We also have a tendency to misinterpret the passage as it says that some will be taken and some will be left behind in the fields. Some theologians and readers of the “Left Behind” series use the words “dispensationalism” and “rapture” when talking about this passage. For those of us who speak English; some believe that this passage speaks to a time when believers will be removed, taken from the earth during the final times of trial and tribulation described in the Revelation to John.

Well, this isn’t so. First, Matthew’s gospel was written before John’s Revelation. Matthew was not describing something that had yet to be described. Then we add the fact that Matthew’s gospel was written to the Jewish community and Judaism has no theology of what comes after the Messiah comes so we wouldn’t expect to find reference to what comes after the Messiah’s coming. This is one source of misunderstanding of this passage.

Second and more importantly, Matthew was describing a people would be gathered into the holy assembly of the Church on Earth, into the body of Christ.
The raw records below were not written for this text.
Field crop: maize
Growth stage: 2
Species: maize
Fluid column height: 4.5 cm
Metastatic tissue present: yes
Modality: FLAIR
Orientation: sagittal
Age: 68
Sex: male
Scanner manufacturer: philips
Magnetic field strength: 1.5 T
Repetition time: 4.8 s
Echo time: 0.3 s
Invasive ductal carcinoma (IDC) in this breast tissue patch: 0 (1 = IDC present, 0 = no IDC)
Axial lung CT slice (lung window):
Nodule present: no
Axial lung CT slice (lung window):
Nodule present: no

Matthew’s gospel points to a church that is to “faithfully endure the tribulation which is part of the church’s mission.

Jesus is comparing the bringing of the people into the body of Christ the same way God describes Noah bringing the animals into the Ark. The people are gathered into the body as the people are gathered in from the fields and the mills to the community of Christ. Our mission is not to escape, but to live especially in the hard times as the body of Christ serving the world when it needs it most.

But I guess there’s no misunderstanding about the last pieces from our reading this morning, the coming of the thief. It is obvious that a thief will come when he is least expected. If a thief shows up when the police are at your house there won’t be a big haul. So too the Son of Man will not come when we expect him to come, so we must always be alert. We must always be prepared for the coming of the Messiah. As the old expression goes, the bible doesn’t say “get ready,” it says “be ready.”
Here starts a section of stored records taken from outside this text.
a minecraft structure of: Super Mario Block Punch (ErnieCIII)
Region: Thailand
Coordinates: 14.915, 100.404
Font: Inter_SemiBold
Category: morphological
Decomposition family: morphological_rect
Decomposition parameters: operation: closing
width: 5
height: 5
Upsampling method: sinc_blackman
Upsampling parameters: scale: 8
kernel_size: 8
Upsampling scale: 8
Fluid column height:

We are to be ready for the one who is coming, the one who is coming as described in the words of the Lord from the prophet Isaiah. He is the one who will judge between the nations, the one who will intercede for many peoples. He will bring peace to the world. After all, only when there is peace will we be able to beat our swords into plowshares and our spears into pruning hooks. This is when nation will no longer rise up against nation. This is when we will no longer need to learn of war.
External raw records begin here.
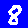
Digit: 8
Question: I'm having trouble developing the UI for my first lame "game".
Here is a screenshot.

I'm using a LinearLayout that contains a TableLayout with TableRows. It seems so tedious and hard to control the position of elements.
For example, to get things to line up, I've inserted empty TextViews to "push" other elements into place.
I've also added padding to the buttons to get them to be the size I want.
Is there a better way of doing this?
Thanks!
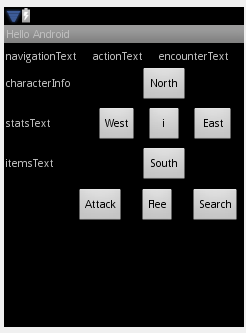
Answer: You definitely want to be using a <URL> for this.
You would be able to specify where each button is in relation to other buttons.
Absolutely AVOID developing your UIs the way you are currently trying. The TextViews will be different sizes for different distributions of Android, and will likely only look right on the device you tested them for.
EDIT:
If you need empty space, use the XML attribute 'android:weightSum="x"' in the parent view and android:layout_weight="y" in the child. This will make the child take up (y/x) of the space allotted to it in the layout_height and layout_width.
EDIT:
I think another good bit of advice for this would be to use individual layouts for things like your "direction" buttons. You'll be able to handle where they are on the screen as a group, instead of having to move each individually.
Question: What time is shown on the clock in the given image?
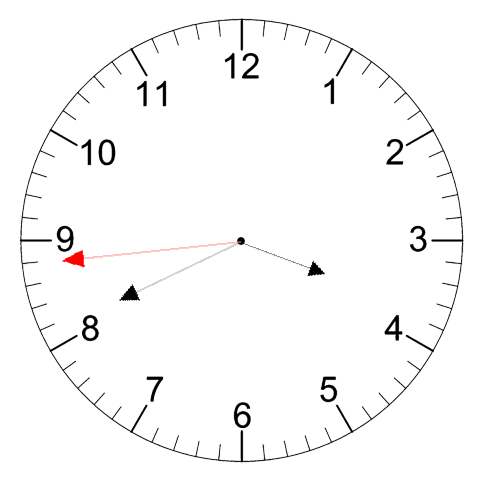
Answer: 03:40:44
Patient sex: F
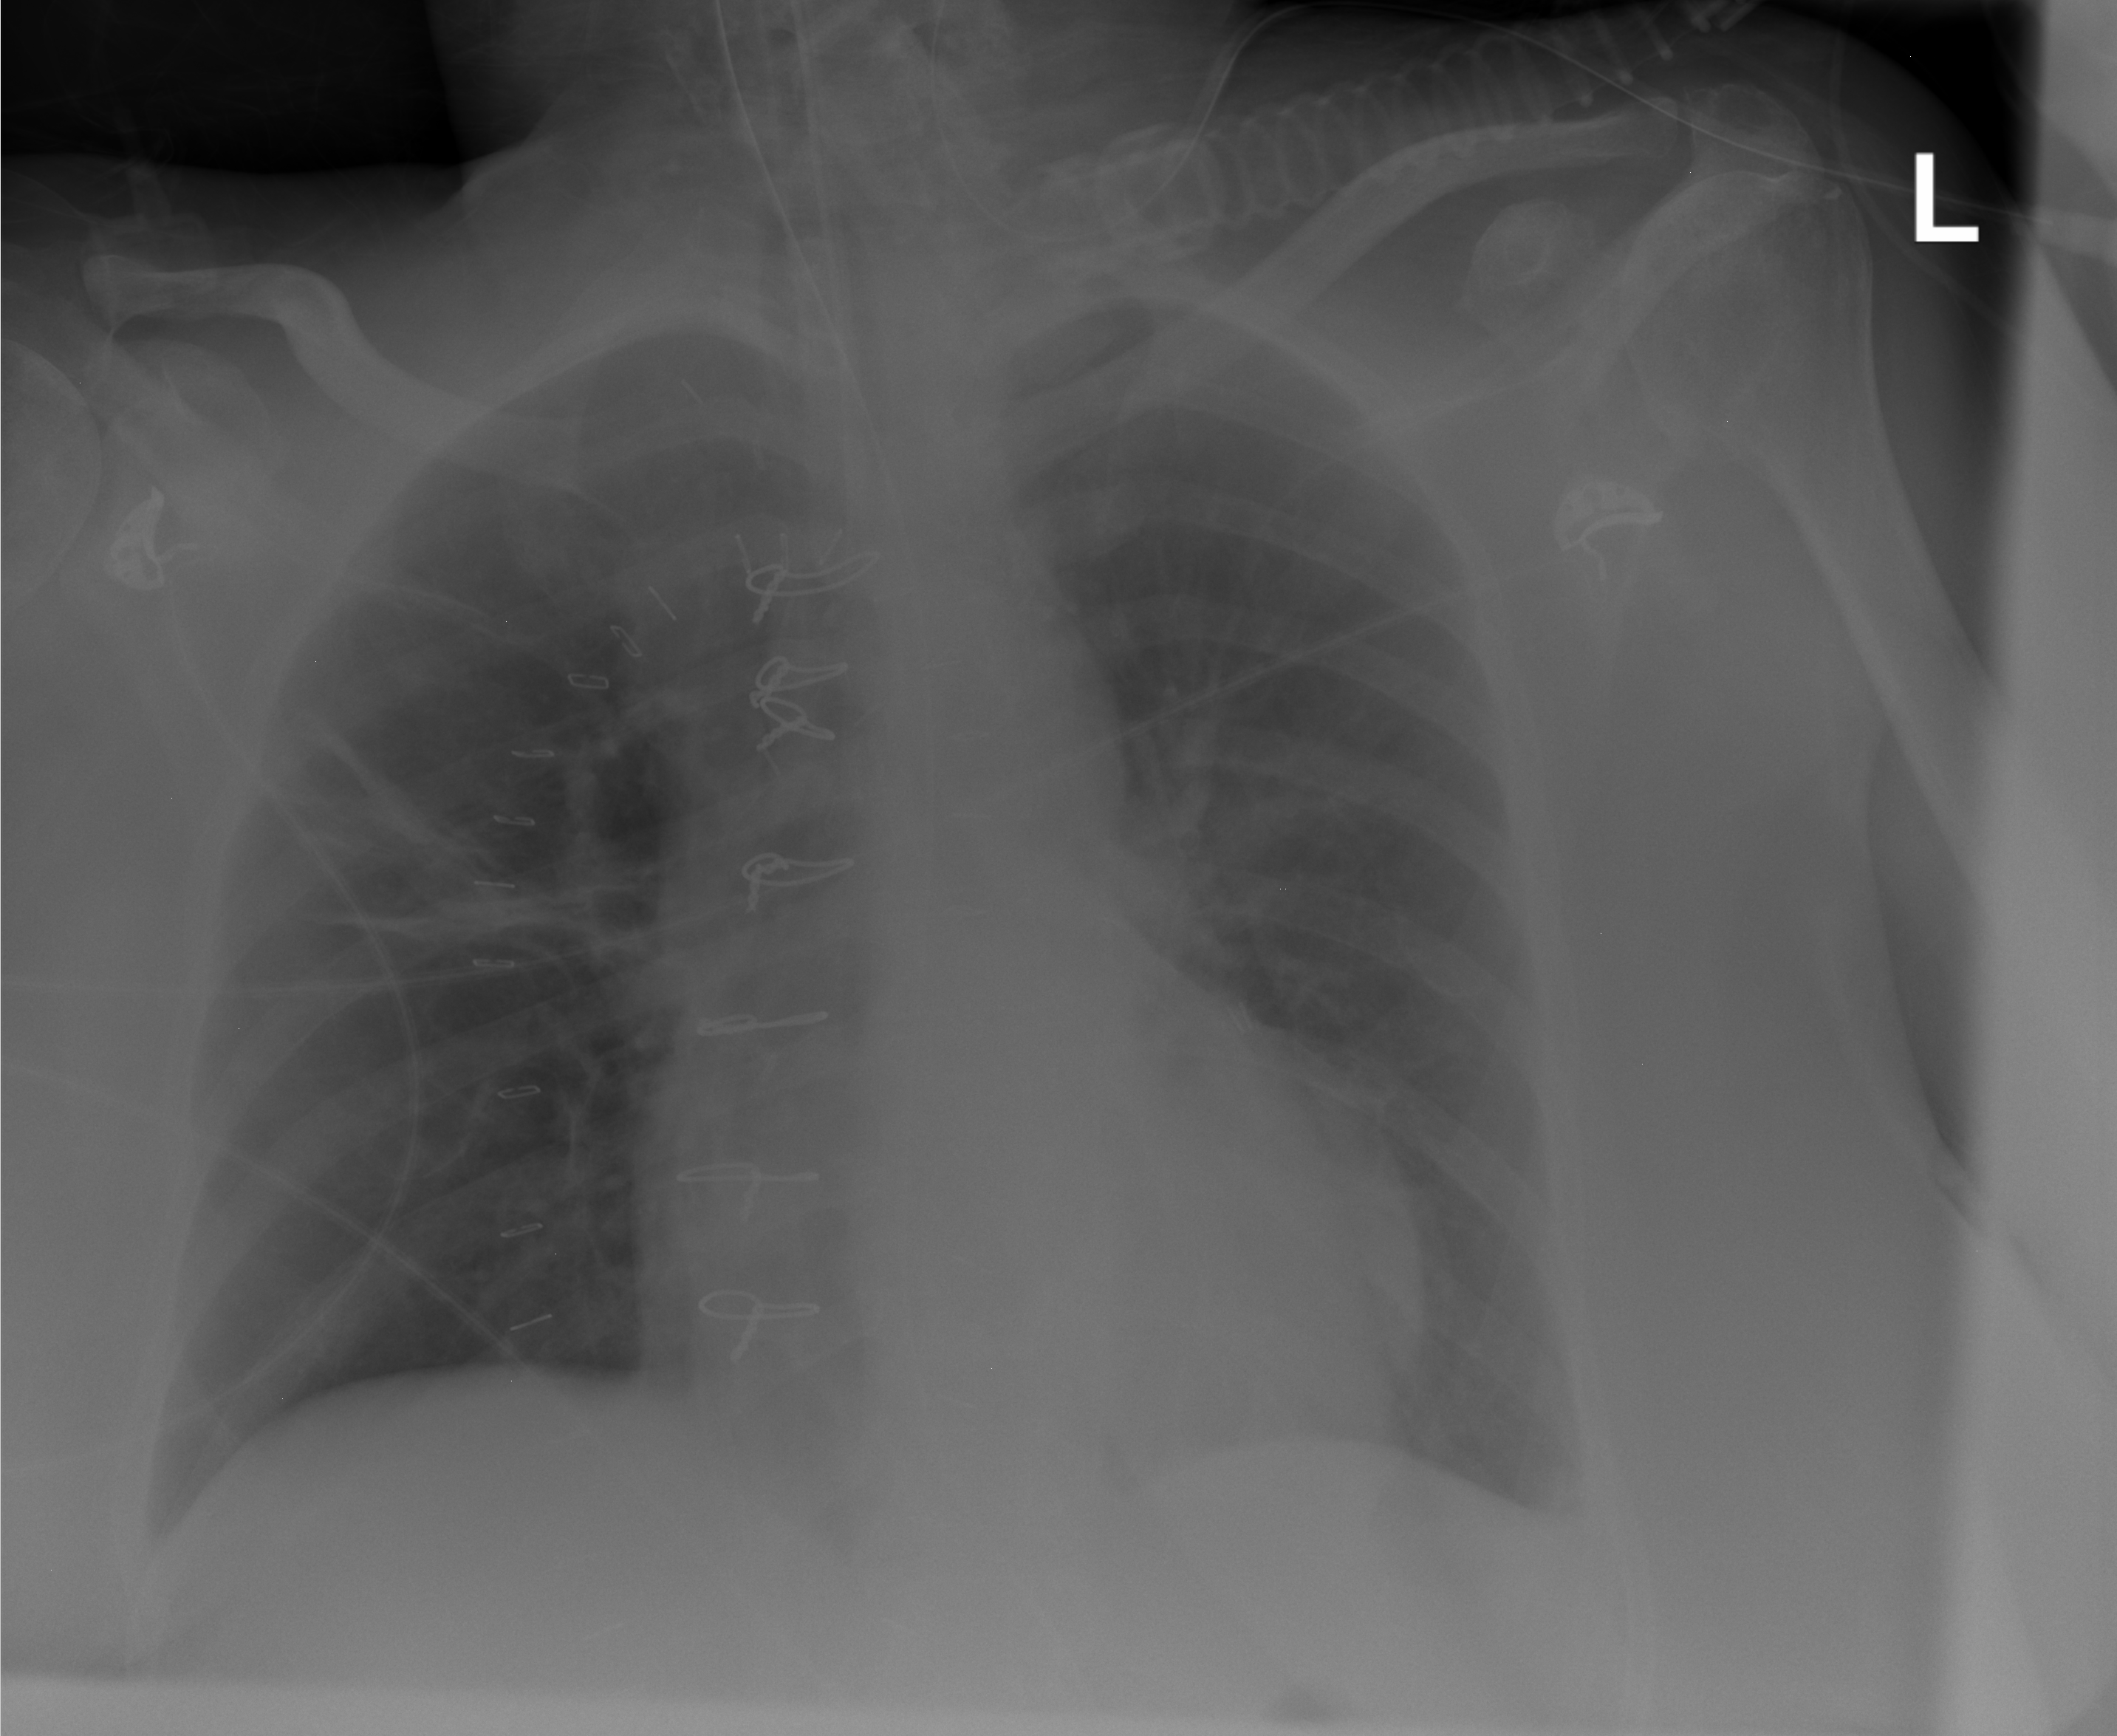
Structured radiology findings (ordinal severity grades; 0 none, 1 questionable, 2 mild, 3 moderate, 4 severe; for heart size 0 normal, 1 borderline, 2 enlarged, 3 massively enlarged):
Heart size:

And after watching the news this morning, there may be no better time than the present.

So how do we prepare for this day, for this day when the Son of Man returns, this day when swords will be turned into plowshares and spears into pruning hooks? For this part of the Body of Christ, that process continues tonight. Tonight is the first time I will serve this church as moderator of the Session. Pray for your Session. Pray that we will discern the will of God for this part of the Body of Christ.

Pray that we will discern how we are called to serve the world as the men in the field and the women in the mill. Pray that we will discern how we are called to serve creation as God’s people in creation. Pray that we will discern how we are called to serve creation as the redeemed people of God, the people who are separate from those who do not know God.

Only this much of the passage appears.